On 2 November, the High Court in London ruled in favour of activist legal group Client Earth in its challenge to the UK Government’s Air Quality Plan. The Court ruled that the Plan did not meet a requirement in the EU Clean Air Directive as transposed into UK law. This requires that the Government ensures the UK complies with air quality limit values “as soon as possible” after the original compliance date. Central to the plan is the need to meet the annual average limit value for NO2 whose original compliance date was 2010. The plan as it stands wouldn’t see compliance in London until 2025, with other zones reaching the target by 2020.
This is the second time Client Earth has successfully challenged the ambition of the UK Air Quality Plan, winning in April 2015 in the Supreme Court a case that had been referred back from the European Court of Justice. While the Government could appeal the latest ruling to the Supreme Court, the indications are that is will accept the judgement and re-draw its plans.
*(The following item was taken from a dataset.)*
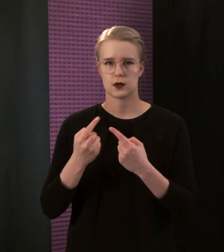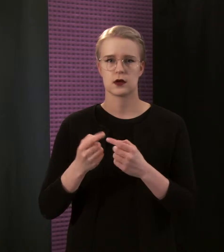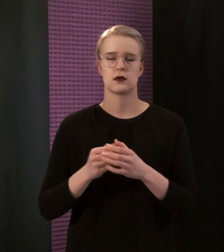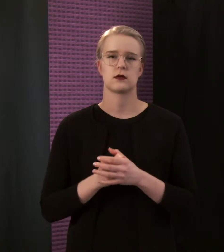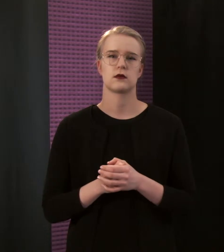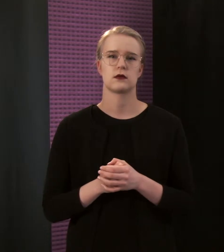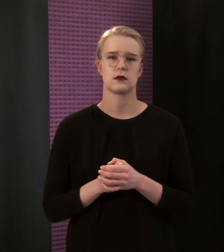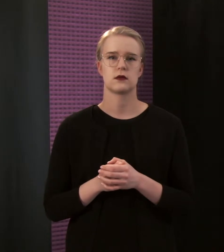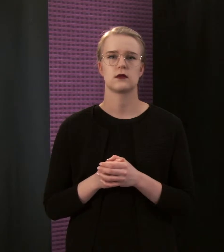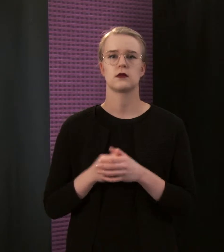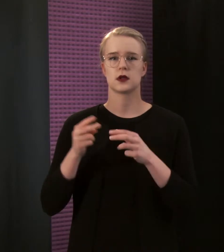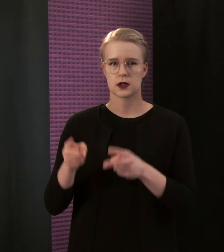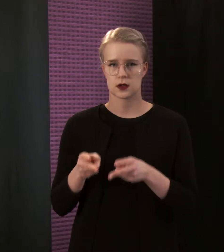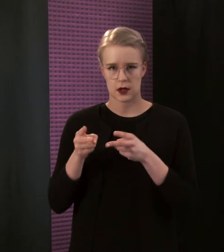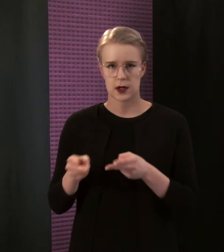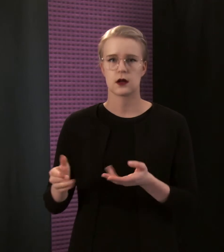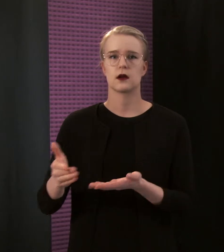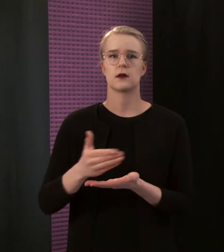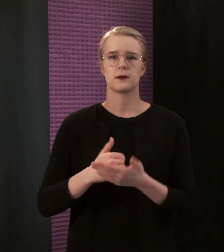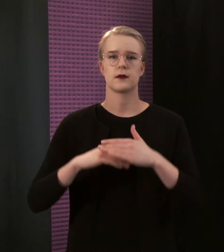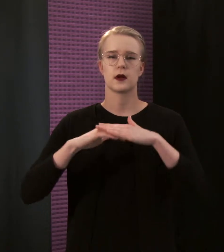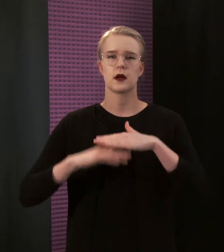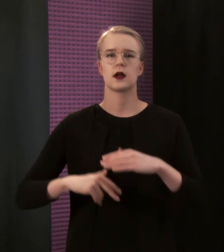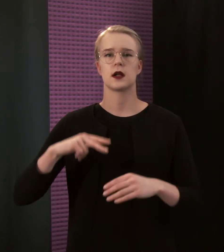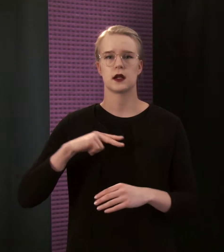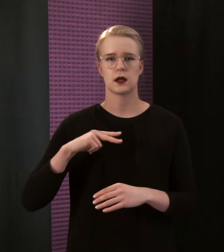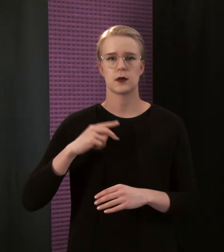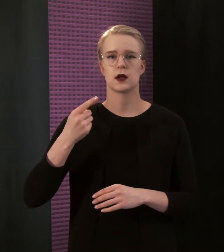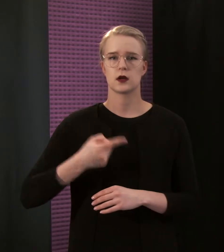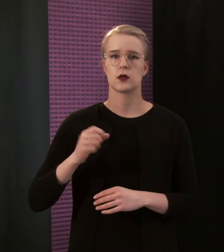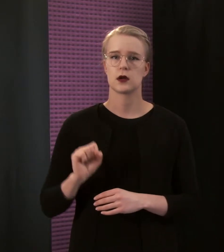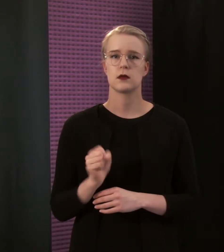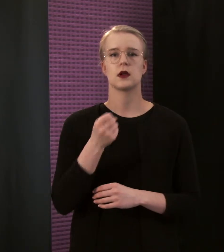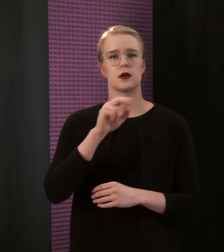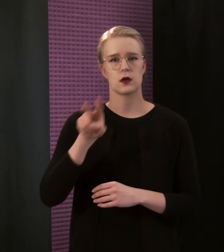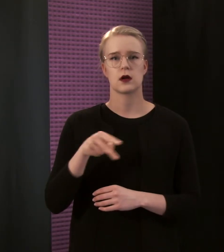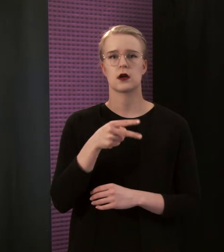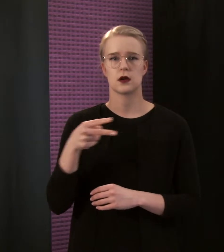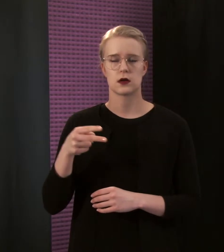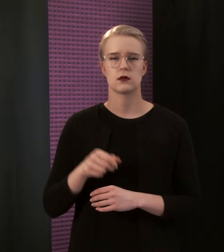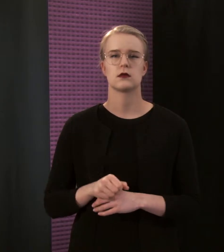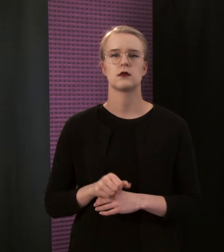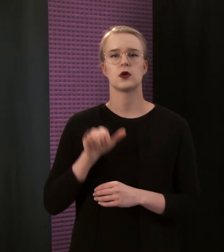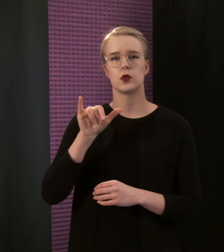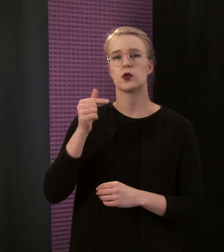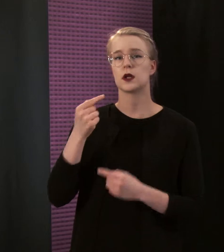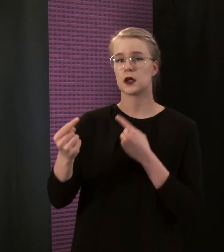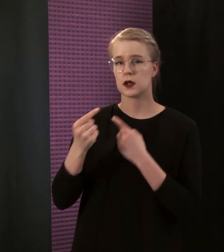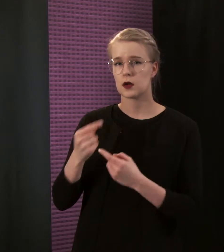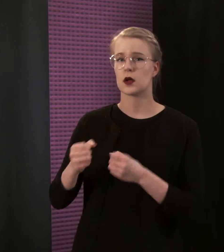Sairaalalle on kertymässä alijäämää 10 miljoonaa euroa, ja YT-neuvottelut koskevat koko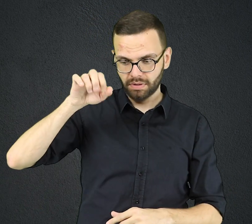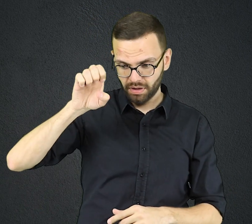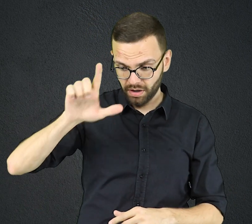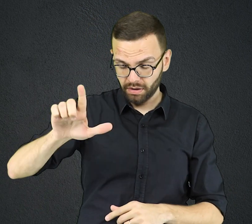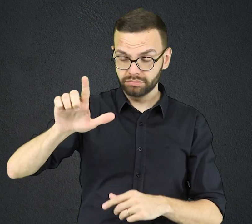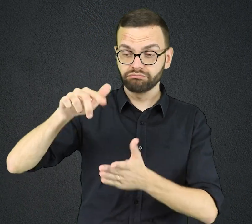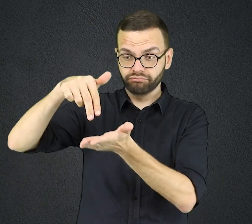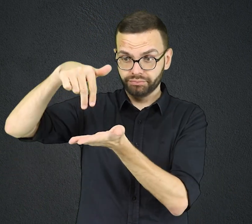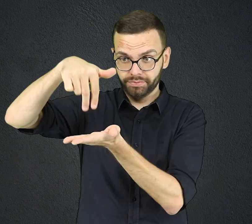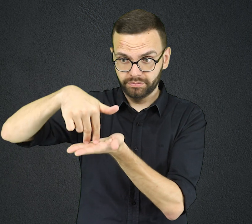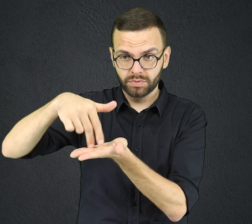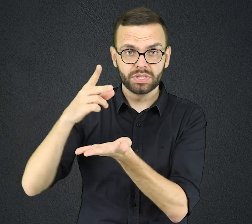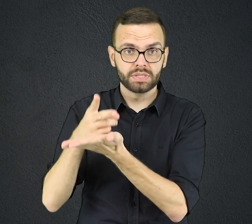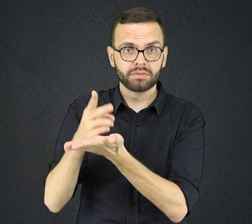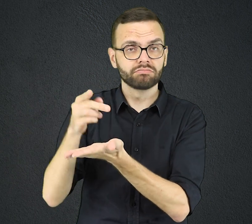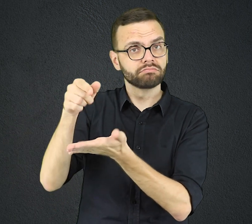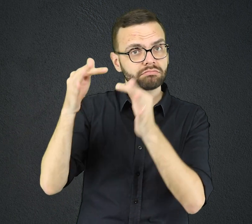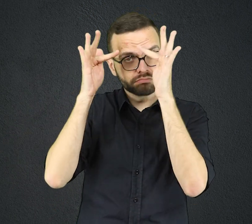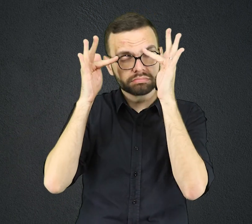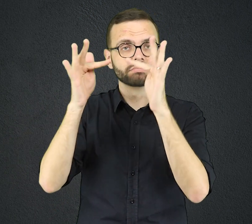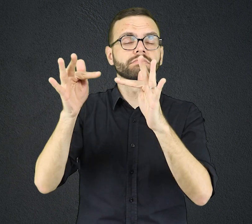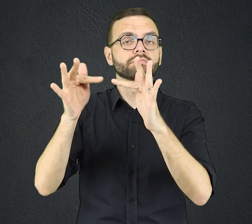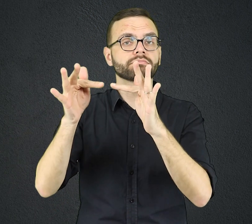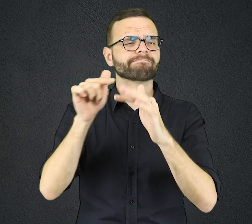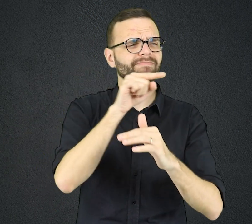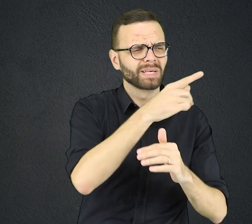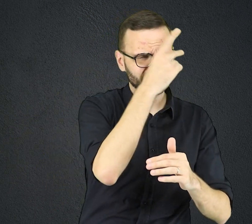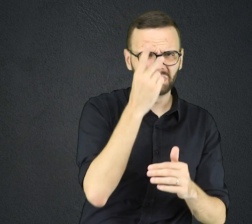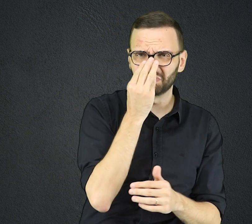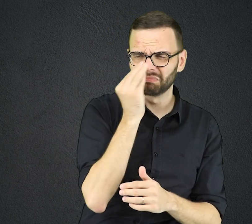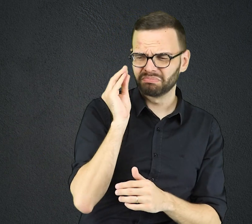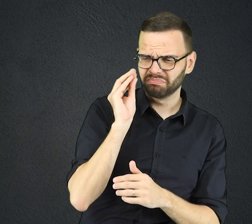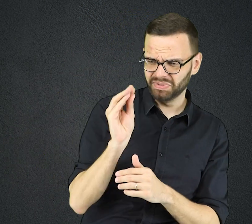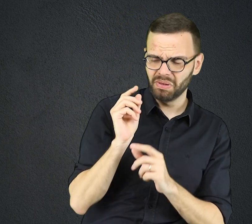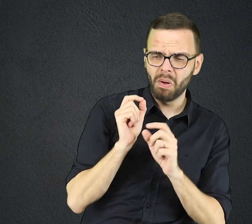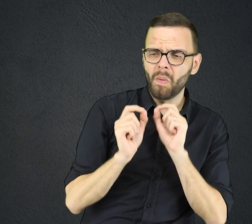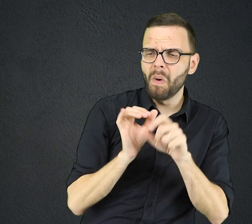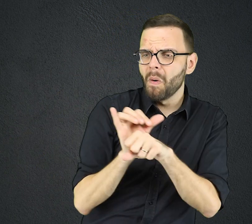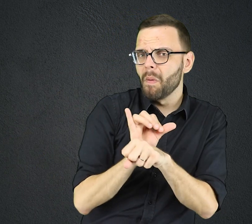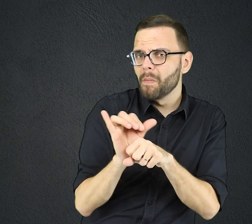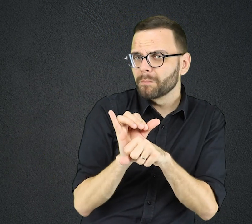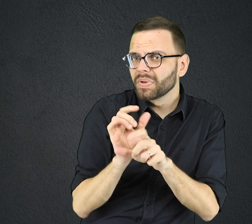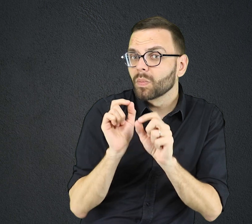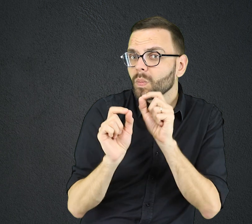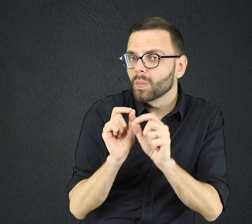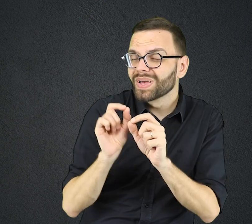A inveja dos outros oficiais levou a uma conspiração na qual Daniel acabou condenado.

While the broad facts of the case probably won’t surprise anyone who has been involved in the UK air quality scene, the Government’s case was severely undermined by emails, released under disclosure of evidence rules, which showed opposition from HM Treasury to some of the key measures. Those measures could have significantly strengthened the plan, such as the inclusion of private cars in low emissions zones and changes to the tax treatment of diesel vehicles. Other communications appeared to show that the modelling parameters used in the impacts assessment were focussed more on the European legal process than on achieving shorter compliance dates.
So where now for UK air quality policy? Central to the issue is the performance of diesel vehicles in the real world, although they aren’t solely responsible for NO2 exceedances. Whichever sources are targeted, it’s clear from that case that, while Defra is the lead Government Department for air quality, agreement from the Treasury and Cabinet Office will be key to any strengthened measures which could be proposed. Increasing the number of Clean Air Zones is likely given the need to re-run the models with less optimistic assumptions. But this won’t address the timescales for compliance in London and the other Zones. There may need to be a serious discussion about the application of LEZs to private vehicles. This is commonplace in Germany and elsewhere but up to now considered out of the question in the UK. However, calls to ban diesel from city centres are likely to fall on deaf ears, especially as, according to Emissions Analytics and others, there are Euro 6 diesels on the market which are performing in the real world close to their emission limits while still providing a CO2 benefit.
The question of how and when Brexit will impact on the case is also important and unresolved. If the UK does leave the EU in a little over two years’ time, will the Government still feel bound by a ruling based on EU legislation, potentially prompting further legal action? In addition, Defra’s resources are likely to be severely stretched disentangling UK and EU legislation, a quarter of which lies within its remit. Resolving issues around the common agricultural policy alone will be difficult and time consuming. Given that the main air quality impacts are on human health, accepting that acidification and eutrophication are still important issues, should Department of Health take a more prominent role? Whatever happens, Defra’s next move is keenly awaited.